Dataset items:
***

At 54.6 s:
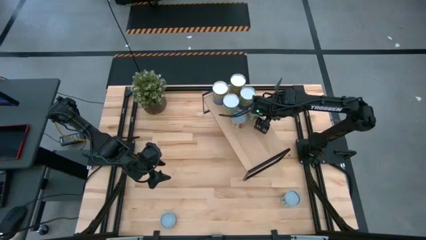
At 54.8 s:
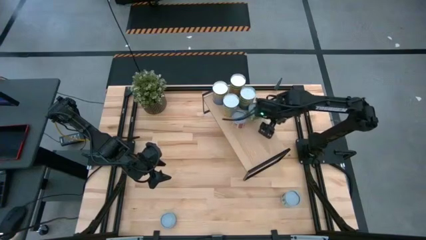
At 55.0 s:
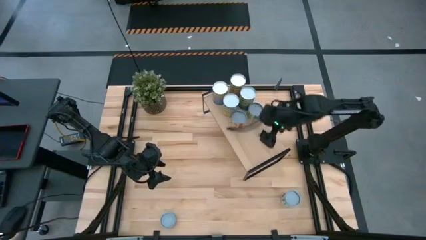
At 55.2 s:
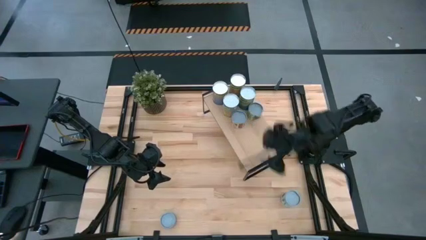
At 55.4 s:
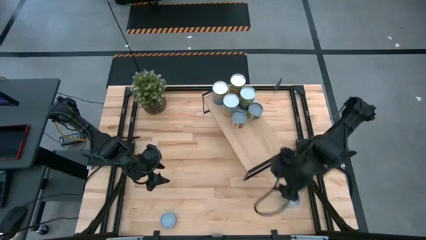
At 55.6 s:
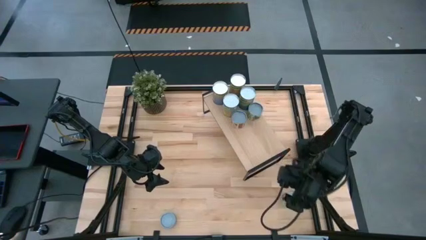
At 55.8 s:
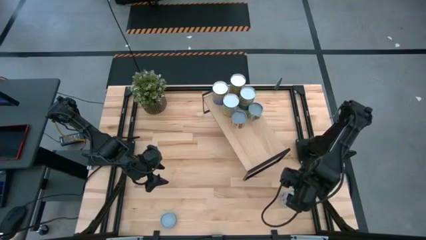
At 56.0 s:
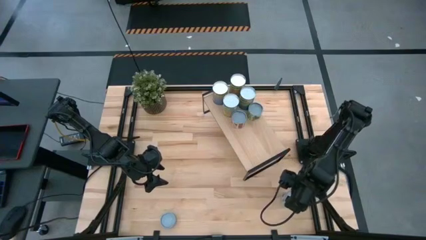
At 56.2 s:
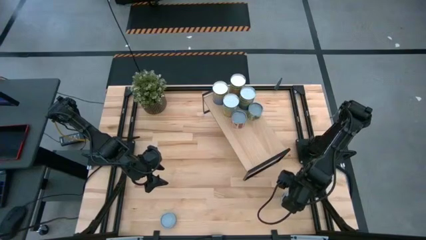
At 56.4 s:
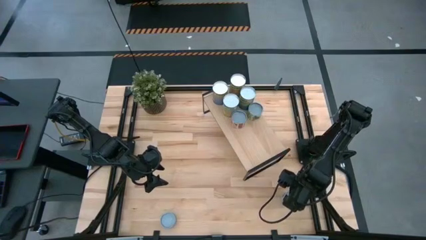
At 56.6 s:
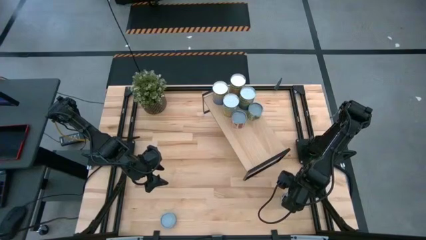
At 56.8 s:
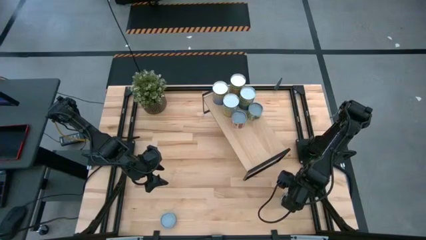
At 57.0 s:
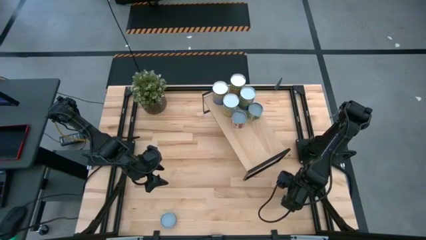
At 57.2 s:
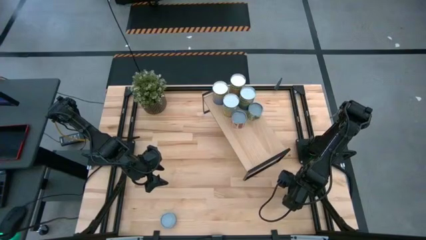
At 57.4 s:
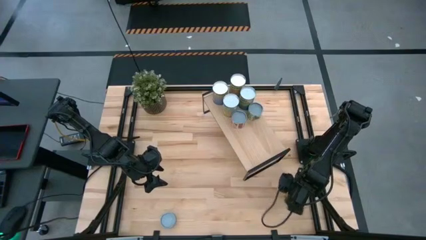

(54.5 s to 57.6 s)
Task: Pick and place cans onto a shelf
Put the canned vegetables on the shelf

***

=== Your goal ===
What is needed here is an exact copy of every record, with the pictures left out.

=== Task result ===
At 54.6 s:
At 54.8 s:
At 55.0 s:
At 55.2 s:
At 55.4 s:
At 55.6 s:
At 55.8 s:
At 56.0 s:
At 56.2 s:
At 56.4 s:
At 56.6 s:
At 56.8 s:
At 57.0 s:
At 57.2 s:
At 57.4 s:

(54.5 s to 57.6 s)
Task: Pick and place cans onto a shelf
Put the canned vegetables on the shelf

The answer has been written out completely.